§ WHAT TO PRODUCE: Please transcribe the entries that follow exactly as they stand, skipping each picture.

§ SUPPLIED DATA:
--

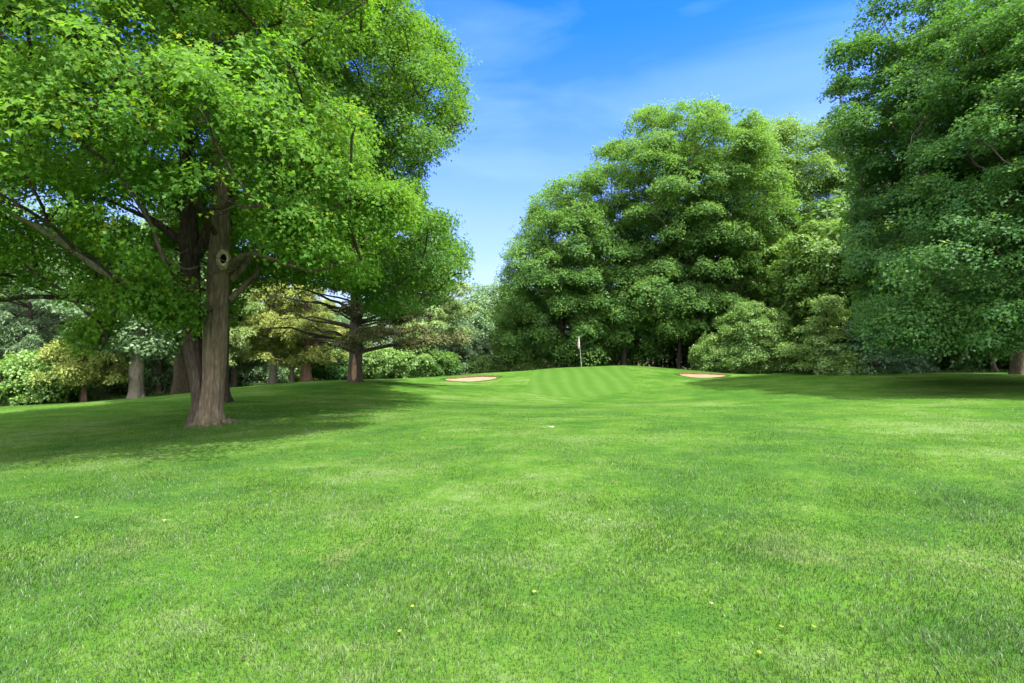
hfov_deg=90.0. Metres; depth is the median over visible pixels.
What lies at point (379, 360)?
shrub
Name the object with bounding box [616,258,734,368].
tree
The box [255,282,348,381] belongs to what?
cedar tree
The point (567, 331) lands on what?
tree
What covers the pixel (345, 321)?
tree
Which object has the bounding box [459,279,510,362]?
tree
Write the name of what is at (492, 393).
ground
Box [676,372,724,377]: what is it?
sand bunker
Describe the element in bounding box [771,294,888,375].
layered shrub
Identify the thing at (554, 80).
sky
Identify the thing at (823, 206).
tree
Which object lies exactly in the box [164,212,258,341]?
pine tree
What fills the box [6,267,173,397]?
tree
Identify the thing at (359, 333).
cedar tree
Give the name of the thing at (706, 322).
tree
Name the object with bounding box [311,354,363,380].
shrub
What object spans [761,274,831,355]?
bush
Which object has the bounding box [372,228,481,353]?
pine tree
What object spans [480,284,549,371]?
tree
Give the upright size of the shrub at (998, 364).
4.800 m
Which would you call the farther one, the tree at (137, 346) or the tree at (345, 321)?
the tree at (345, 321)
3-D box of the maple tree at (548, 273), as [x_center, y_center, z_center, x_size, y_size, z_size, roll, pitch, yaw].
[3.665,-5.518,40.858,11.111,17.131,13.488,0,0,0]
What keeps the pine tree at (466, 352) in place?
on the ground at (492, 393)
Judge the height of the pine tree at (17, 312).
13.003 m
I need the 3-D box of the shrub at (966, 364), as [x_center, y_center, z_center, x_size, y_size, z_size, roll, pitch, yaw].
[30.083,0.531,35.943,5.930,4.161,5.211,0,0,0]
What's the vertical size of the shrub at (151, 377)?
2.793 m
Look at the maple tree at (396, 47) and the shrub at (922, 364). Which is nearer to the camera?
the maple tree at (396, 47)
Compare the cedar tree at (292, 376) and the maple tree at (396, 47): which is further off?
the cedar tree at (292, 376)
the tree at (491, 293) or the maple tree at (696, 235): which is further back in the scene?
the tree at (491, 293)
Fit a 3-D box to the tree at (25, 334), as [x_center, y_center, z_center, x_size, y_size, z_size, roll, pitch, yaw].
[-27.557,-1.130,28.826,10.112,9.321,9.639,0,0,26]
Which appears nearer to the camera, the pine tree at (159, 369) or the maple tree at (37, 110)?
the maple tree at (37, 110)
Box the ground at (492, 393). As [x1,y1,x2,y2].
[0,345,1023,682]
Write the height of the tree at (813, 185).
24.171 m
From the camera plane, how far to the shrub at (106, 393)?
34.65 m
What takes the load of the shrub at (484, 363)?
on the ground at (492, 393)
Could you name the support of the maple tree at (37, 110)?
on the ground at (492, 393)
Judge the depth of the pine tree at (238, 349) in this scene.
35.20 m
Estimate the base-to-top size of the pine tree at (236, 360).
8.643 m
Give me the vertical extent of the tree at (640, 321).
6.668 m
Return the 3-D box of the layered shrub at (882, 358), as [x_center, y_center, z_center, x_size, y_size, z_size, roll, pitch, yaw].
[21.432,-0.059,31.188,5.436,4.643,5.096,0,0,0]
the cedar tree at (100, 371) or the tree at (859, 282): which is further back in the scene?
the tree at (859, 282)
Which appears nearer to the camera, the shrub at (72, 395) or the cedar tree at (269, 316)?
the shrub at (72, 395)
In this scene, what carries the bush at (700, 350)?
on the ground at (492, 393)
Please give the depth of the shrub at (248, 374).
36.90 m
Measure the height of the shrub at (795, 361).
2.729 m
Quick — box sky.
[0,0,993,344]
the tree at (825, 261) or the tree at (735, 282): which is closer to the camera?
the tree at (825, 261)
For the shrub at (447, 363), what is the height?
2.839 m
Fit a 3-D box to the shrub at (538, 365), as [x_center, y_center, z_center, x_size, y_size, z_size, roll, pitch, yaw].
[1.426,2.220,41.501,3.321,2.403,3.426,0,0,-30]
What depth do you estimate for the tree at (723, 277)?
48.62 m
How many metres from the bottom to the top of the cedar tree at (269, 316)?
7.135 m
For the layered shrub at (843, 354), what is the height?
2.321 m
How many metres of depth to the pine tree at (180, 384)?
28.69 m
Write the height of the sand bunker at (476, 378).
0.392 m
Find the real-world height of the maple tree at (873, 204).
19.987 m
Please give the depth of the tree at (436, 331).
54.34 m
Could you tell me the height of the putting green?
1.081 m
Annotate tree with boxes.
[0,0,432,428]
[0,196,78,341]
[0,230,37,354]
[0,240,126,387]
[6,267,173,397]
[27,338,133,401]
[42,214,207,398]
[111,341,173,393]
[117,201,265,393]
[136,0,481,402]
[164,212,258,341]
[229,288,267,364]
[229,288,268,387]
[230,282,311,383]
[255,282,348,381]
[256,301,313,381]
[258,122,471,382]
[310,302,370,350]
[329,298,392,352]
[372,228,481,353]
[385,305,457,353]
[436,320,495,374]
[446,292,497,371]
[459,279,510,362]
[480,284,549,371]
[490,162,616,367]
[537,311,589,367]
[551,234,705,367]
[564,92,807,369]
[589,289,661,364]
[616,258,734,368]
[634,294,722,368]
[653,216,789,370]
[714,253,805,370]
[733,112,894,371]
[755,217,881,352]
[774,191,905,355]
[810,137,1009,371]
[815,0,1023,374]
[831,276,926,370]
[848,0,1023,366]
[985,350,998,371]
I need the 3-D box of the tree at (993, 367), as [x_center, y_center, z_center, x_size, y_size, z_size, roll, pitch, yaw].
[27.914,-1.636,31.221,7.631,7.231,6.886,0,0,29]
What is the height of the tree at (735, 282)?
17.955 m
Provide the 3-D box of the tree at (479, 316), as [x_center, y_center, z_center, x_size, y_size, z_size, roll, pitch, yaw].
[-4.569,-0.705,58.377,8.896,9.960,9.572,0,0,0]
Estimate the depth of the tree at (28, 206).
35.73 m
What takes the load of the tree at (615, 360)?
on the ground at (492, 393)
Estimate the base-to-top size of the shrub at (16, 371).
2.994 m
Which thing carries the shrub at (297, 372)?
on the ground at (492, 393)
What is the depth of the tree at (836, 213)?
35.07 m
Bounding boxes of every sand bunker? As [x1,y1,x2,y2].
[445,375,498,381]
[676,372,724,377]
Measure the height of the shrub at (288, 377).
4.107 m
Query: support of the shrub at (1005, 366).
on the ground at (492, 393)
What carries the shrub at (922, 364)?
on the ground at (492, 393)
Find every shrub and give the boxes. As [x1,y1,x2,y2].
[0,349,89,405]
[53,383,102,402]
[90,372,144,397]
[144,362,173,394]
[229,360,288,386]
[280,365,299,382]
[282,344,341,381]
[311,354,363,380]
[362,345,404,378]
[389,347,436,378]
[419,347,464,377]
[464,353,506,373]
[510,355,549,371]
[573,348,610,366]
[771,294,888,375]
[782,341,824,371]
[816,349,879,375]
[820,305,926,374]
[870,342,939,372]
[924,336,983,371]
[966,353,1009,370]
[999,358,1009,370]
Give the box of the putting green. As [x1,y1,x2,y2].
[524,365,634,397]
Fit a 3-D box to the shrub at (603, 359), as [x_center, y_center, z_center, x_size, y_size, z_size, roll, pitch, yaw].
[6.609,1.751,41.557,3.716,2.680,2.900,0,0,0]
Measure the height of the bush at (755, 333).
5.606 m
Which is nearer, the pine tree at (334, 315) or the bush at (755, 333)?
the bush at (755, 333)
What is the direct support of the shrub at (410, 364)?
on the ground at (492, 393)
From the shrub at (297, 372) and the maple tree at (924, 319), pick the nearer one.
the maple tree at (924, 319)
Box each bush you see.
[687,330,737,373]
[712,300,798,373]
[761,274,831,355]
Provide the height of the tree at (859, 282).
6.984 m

--

§ ANSWER SECTION:
hfov_deg=90.0. Metres; depth is the median over visible pixels.
What lies at point (379, 360)?
shrub
Name the object with bounding box [616,258,734,368].
tree
The box [255,282,348,381] belongs to what?
cedar tree
The point (567, 331) lands on what?
tree
What covers the pixel (345, 321)?
tree
Which object has the bounding box [459,279,510,362]?
tree
Write the name of what is at (492, 393).
ground
Box [676,372,724,377]: what is it?
sand bunker
Describe the element in bounding box [771,294,888,375].
layered shrub
Identify the thing at (554, 80).
sky
Identify the thing at (823, 206).
tree
Which object lies exactly in the box [164,212,258,341]?
pine tree
What fills the box [6,267,173,397]?
tree
Identify the thing at (359, 333).
cedar tree
Give the name of the thing at (706, 322).
tree
Name the object with bounding box [311,354,363,380].
shrub
What object spans [761,274,831,355]?
bush
Which object has the bounding box [372,228,481,353]?
pine tree
What object spans [480,284,549,371]?
tree
Give the upright size of the shrub at (998, 364).
4.800 m
Which would you call the farther one, the tree at (137, 346) or the tree at (345, 321)?
the tree at (345, 321)
3-D box of the maple tree at (548, 273), as [x_center, y_center, z_center, x_size, y_size, z_size, roll, pitch, yaw].
[3.665,-5.518,40.858,11.111,17.131,13.488,0,0,0]
What keeps the pine tree at (466, 352) in place?
on the ground at (492, 393)
Judge the height of the pine tree at (17, 312).
13.003 m
I need the 3-D box of the shrub at (966, 364), as [x_center, y_center, z_center, x_size, y_size, z_size, roll, pitch, yaw].
[30.083,0.531,35.943,5.930,4.161,5.211,0,0,0]
What's the vertical size of the shrub at (151, 377)?
2.793 m
Look at the maple tree at (396, 47) and the shrub at (922, 364). Which is nearer to the camera?
the maple tree at (396, 47)
Compare the cedar tree at (292, 376) and the maple tree at (396, 47): which is further off?
the cedar tree at (292, 376)
the tree at (491, 293) or the maple tree at (696, 235): which is further back in the scene?
the tree at (491, 293)
Fit a 3-D box to the tree at (25, 334), as [x_center, y_center, z_center, x_size, y_size, z_size, roll, pitch, yaw].
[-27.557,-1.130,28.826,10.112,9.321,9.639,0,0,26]
Which appears nearer to the camera, the pine tree at (159, 369) or the maple tree at (37, 110)?
the maple tree at (37, 110)
Box the ground at (492, 393). As [x1,y1,x2,y2].
[0,345,1023,682]
Write the height of the tree at (813, 185).
24.171 m
From the camera plane, how far to the shrub at (106, 393)?
34.65 m
What takes the load of the shrub at (484, 363)?
on the ground at (492, 393)
Could you name the support of the maple tree at (37, 110)?
on the ground at (492, 393)
Judge the depth of the pine tree at (238, 349) in this scene.
35.20 m
Estimate the base-to-top size of the pine tree at (236, 360).
8.643 m
Give me the vertical extent of the tree at (640, 321).
6.668 m
Return the 3-D box of the layered shrub at (882, 358), as [x_center, y_center, z_center, x_size, y_size, z_size, roll, pitch, yaw].
[21.432,-0.059,31.188,5.436,4.643,5.096,0,0,0]
the cedar tree at (100, 371) or the tree at (859, 282): which is further back in the scene?
the tree at (859, 282)
Which appears nearer to the camera, the shrub at (72, 395) or the cedar tree at (269, 316)?
the shrub at (72, 395)
In this scene, what carries the bush at (700, 350)?
on the ground at (492, 393)
Please give the depth of the shrub at (248, 374).
36.90 m
Measure the height of the shrub at (795, 361).
2.729 m
Quick — box sky.
[0,0,993,344]
the tree at (825, 261) or the tree at (735, 282): which is closer to the camera?
the tree at (825, 261)
For the shrub at (447, 363), what is the height?
2.839 m
Fit a 3-D box to the shrub at (538, 365), as [x_center, y_center, z_center, x_size, y_size, z_size, roll, pitch, yaw].
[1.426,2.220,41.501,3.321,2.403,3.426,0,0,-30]
What depth do you estimate for the tree at (723, 277)?
48.62 m
How many metres from the bottom to the top of the cedar tree at (269, 316)?
7.135 m
For the layered shrub at (843, 354), what is the height?
2.321 m
How many metres of depth to the pine tree at (180, 384)?
28.69 m
Write the height of the sand bunker at (476, 378).
0.392 m
Find the real-world height of the maple tree at (873, 204).
19.987 m
Please give the depth of the tree at (436, 331).
54.34 m
Could you tell me the height of the putting green?
1.081 m
Annotate tree with boxes.
[0,0,432,428]
[0,196,78,341]
[0,230,37,354]
[0,240,126,387]
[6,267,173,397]
[27,338,133,401]
[42,214,207,398]
[111,341,173,393]
[117,201,265,393]
[136,0,481,402]
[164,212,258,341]
[229,288,267,364]
[229,288,268,387]
[230,282,311,383]
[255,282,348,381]
[256,301,313,381]
[258,122,471,382]
[310,302,370,350]
[329,298,392,352]
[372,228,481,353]
[385,305,457,353]
[436,320,495,374]
[446,292,497,371]
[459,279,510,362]
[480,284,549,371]
[490,162,616,367]
[537,311,589,367]
[551,234,705,367]
[564,92,807,369]
[589,289,661,364]
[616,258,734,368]
[634,294,722,368]
[653,216,789,370]
[714,253,805,370]
[733,112,894,371]
[755,217,881,352]
[774,191,905,355]
[810,137,1009,371]
[815,0,1023,374]
[831,276,926,370]
[848,0,1023,366]
[985,350,998,371]
I need the 3-D box of the tree at (993, 367), as [x_center, y_center, z_center, x_size, y_size, z_size, roll, pitch, yaw].
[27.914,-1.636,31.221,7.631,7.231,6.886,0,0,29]
What is the height of the tree at (735, 282)?
17.955 m
Provide the 3-D box of the tree at (479, 316), as [x_center, y_center, z_center, x_size, y_size, z_size, roll, pitch, yaw].
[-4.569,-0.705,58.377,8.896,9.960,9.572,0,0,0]
Estimate the depth of the tree at (28, 206).
35.73 m
What takes the load of the tree at (615, 360)?
on the ground at (492, 393)
Estimate the base-to-top size of the shrub at (16, 371).
2.994 m
Which thing carries the shrub at (297, 372)?
on the ground at (492, 393)
What is the depth of the tree at (836, 213)?
35.07 m
Bounding boxes of every sand bunker? As [x1,y1,x2,y2].
[445,375,498,381]
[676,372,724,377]
Measure the height of the shrub at (288, 377).
4.107 m
Query: support of the shrub at (1005, 366).
on the ground at (492, 393)
What carries the shrub at (922, 364)?
on the ground at (492, 393)
Find every shrub and give the boxes. As [x1,y1,x2,y2].
[0,349,89,405]
[53,383,102,402]
[90,372,144,397]
[144,362,173,394]
[229,360,288,386]
[280,365,299,382]
[282,344,341,381]
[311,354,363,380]
[362,345,404,378]
[389,347,436,378]
[419,347,464,377]
[464,353,506,373]
[510,355,549,371]
[573,348,610,366]
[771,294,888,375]
[782,341,824,371]
[816,349,879,375]
[820,305,926,374]
[870,342,939,372]
[924,336,983,371]
[966,353,1009,370]
[999,358,1009,370]
Give the box of the putting green. As [x1,y1,x2,y2].
[524,365,634,397]
Fit a 3-D box to the shrub at (603, 359), as [x_center, y_center, z_center, x_size, y_size, z_size, roll, pitch, yaw].
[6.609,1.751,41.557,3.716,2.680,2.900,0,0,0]
Measure the height of the bush at (755, 333).
5.606 m
Which is nearer, the pine tree at (334, 315) or the bush at (755, 333)?
the bush at (755, 333)
What is the direct support of the shrub at (410, 364)?
on the ground at (492, 393)
From the shrub at (297, 372) and the maple tree at (924, 319), pick the nearer one.
the maple tree at (924, 319)
Box each bush you see.
[687,330,737,373]
[712,300,798,373]
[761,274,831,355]
Provide the height of the tree at (859, 282).
6.984 m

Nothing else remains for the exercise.